Go through the records and restate them word for word, omitting images.

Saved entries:
──────────────────────────────
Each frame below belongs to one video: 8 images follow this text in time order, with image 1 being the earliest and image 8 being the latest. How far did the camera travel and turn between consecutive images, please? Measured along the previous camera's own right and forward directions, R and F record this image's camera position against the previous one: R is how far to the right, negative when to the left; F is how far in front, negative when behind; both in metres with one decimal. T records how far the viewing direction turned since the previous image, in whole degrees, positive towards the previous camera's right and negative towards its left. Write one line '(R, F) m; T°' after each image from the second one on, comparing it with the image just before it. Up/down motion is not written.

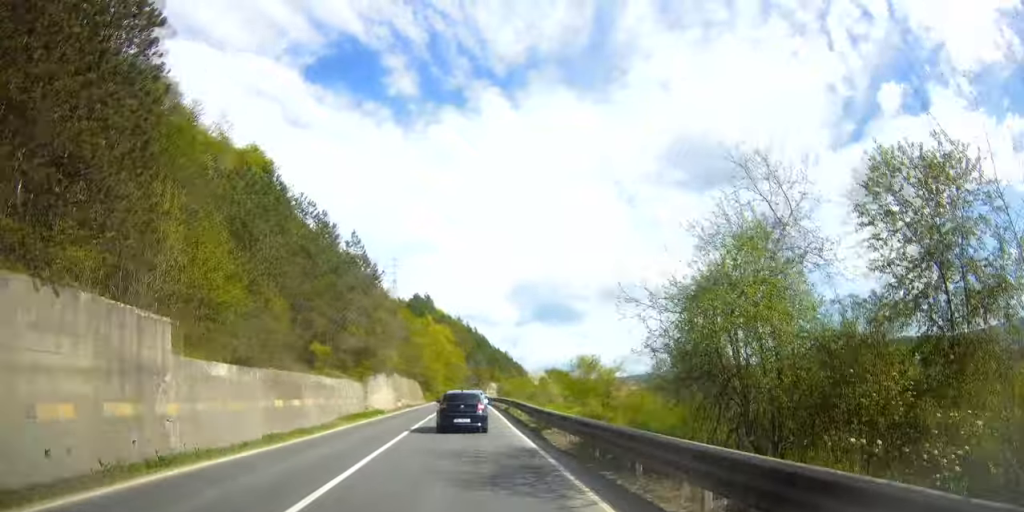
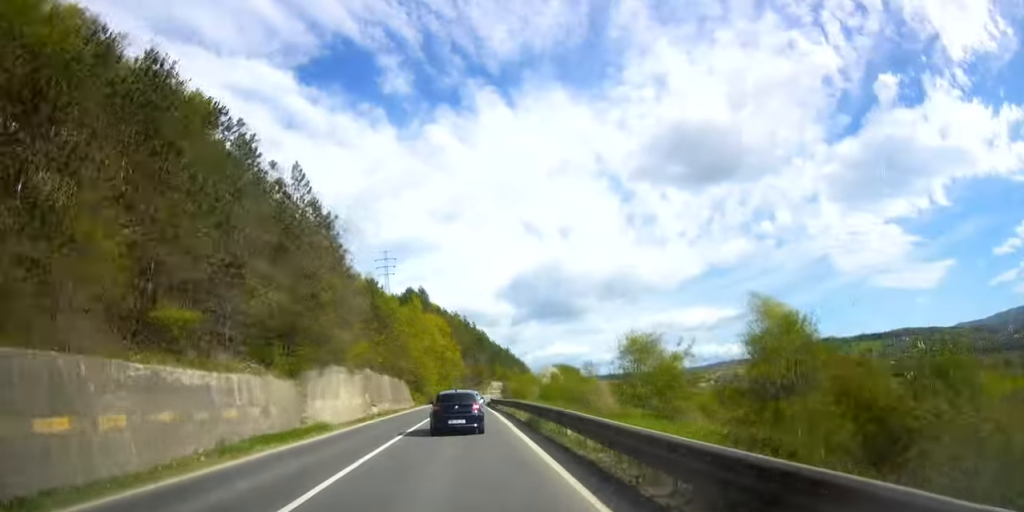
(+0.3, +17.1) m; +1°
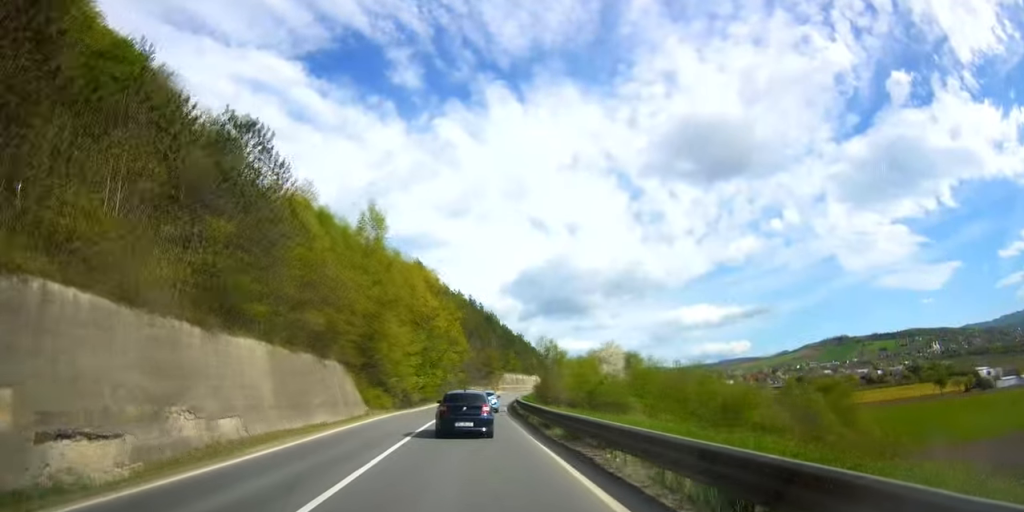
(-0.9, +41.1) m; -3°
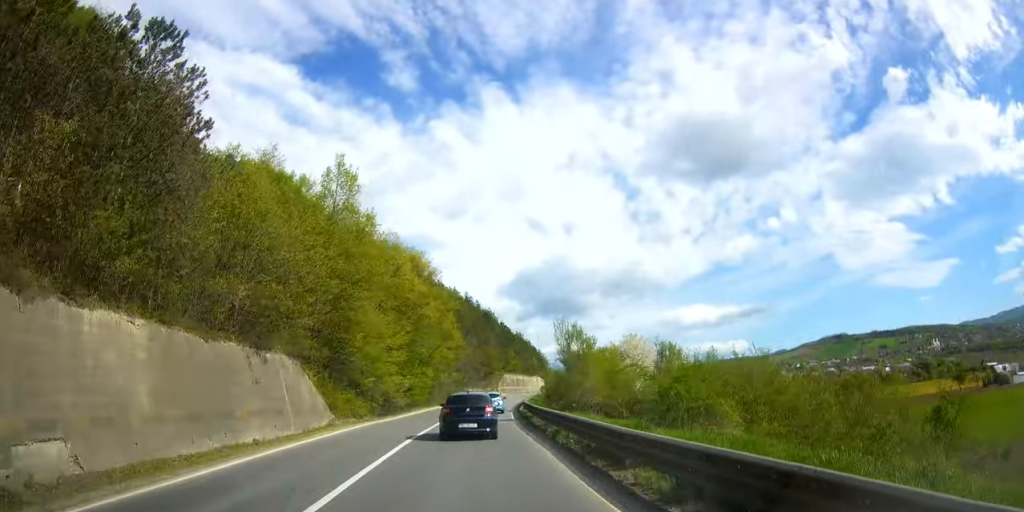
(+0.1, +9.9) m; +1°
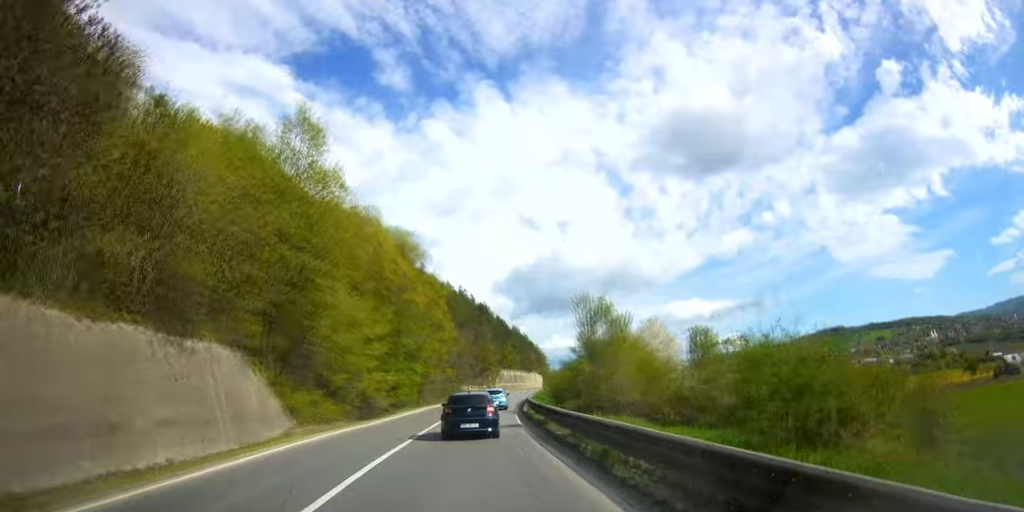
(0.0, +7.1) m; 0°
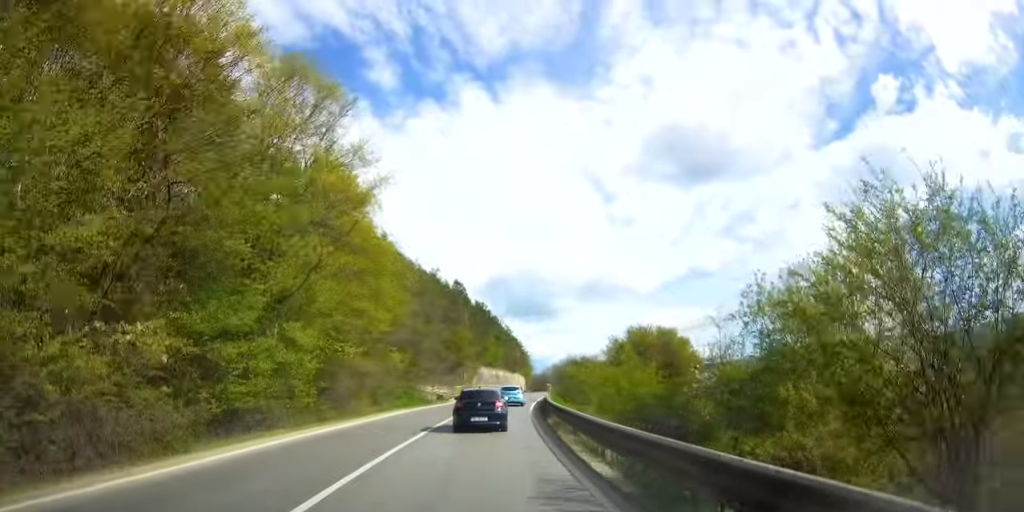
(+0.4, +28.0) m; +2°
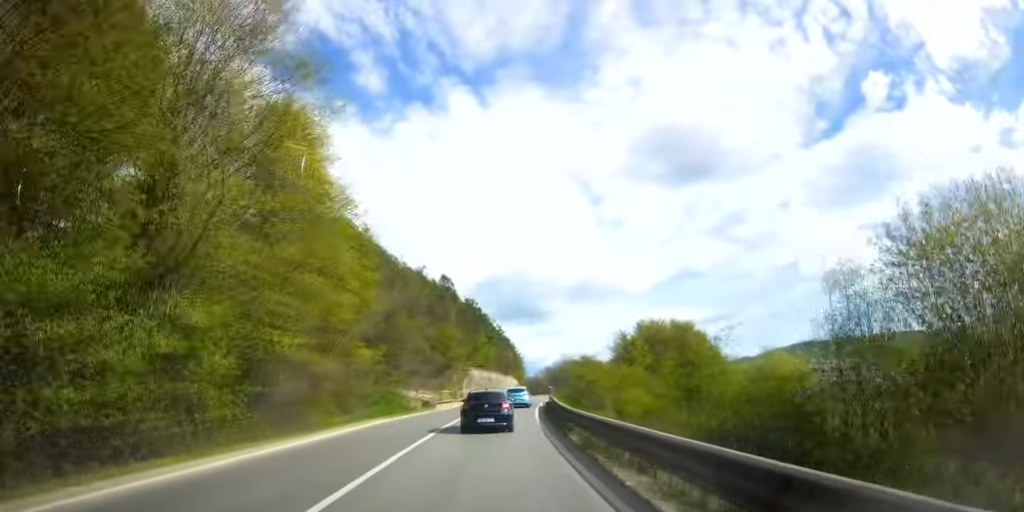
(-0.1, +7.7) m; +1°
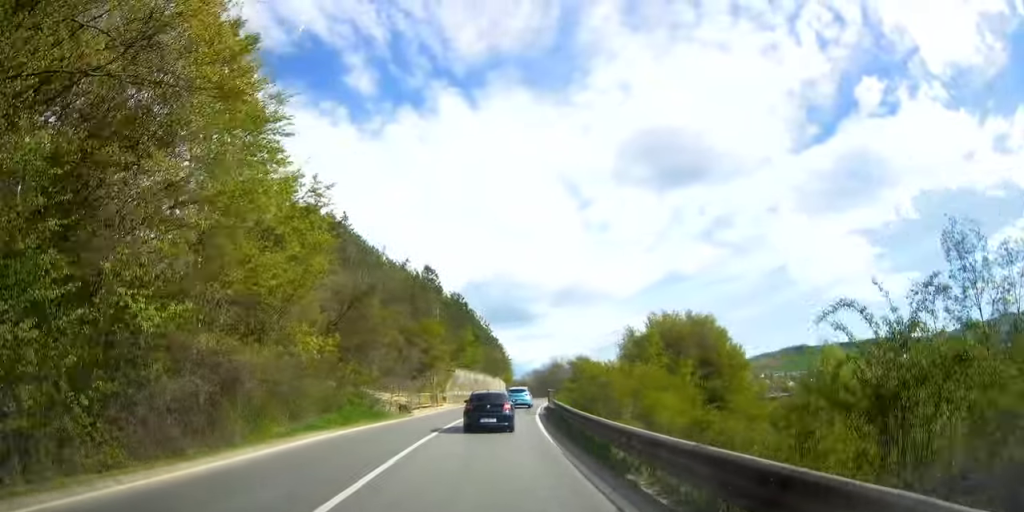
(+0.1, +7.6) m; +1°
──────────────────────────────
**Output:**
Each frame below belongs to one video: 8 images follow this text in time order, with image 1 being the earliest and image 8 being the latest. How far did the camera travel and turn between consecutive images, please? Measured along the previous camera's own right and forward directions, R and F record this image's camera position against the previous one: R is how far to the right, negative when to the left; F is how far in front, negative when behind; both in metres with one decimal. T records how far the viewing direction turned since the previous image, in whole degrees, positive towards the previous camera's right and negative towards its left. Write one line '(R, F) m; T°' after each image from the second one on, comparing it with the image just before it. Up/down motion is not written.

(+0.3, +17.1) m; +1°
(-0.9, +41.1) m; -3°
(+0.1, +9.9) m; +1°
(0.0, +7.1) m; 0°
(+0.4, +28.0) m; +2°
(-0.1, +7.7) m; +1°
(+0.1, +7.6) m; +1°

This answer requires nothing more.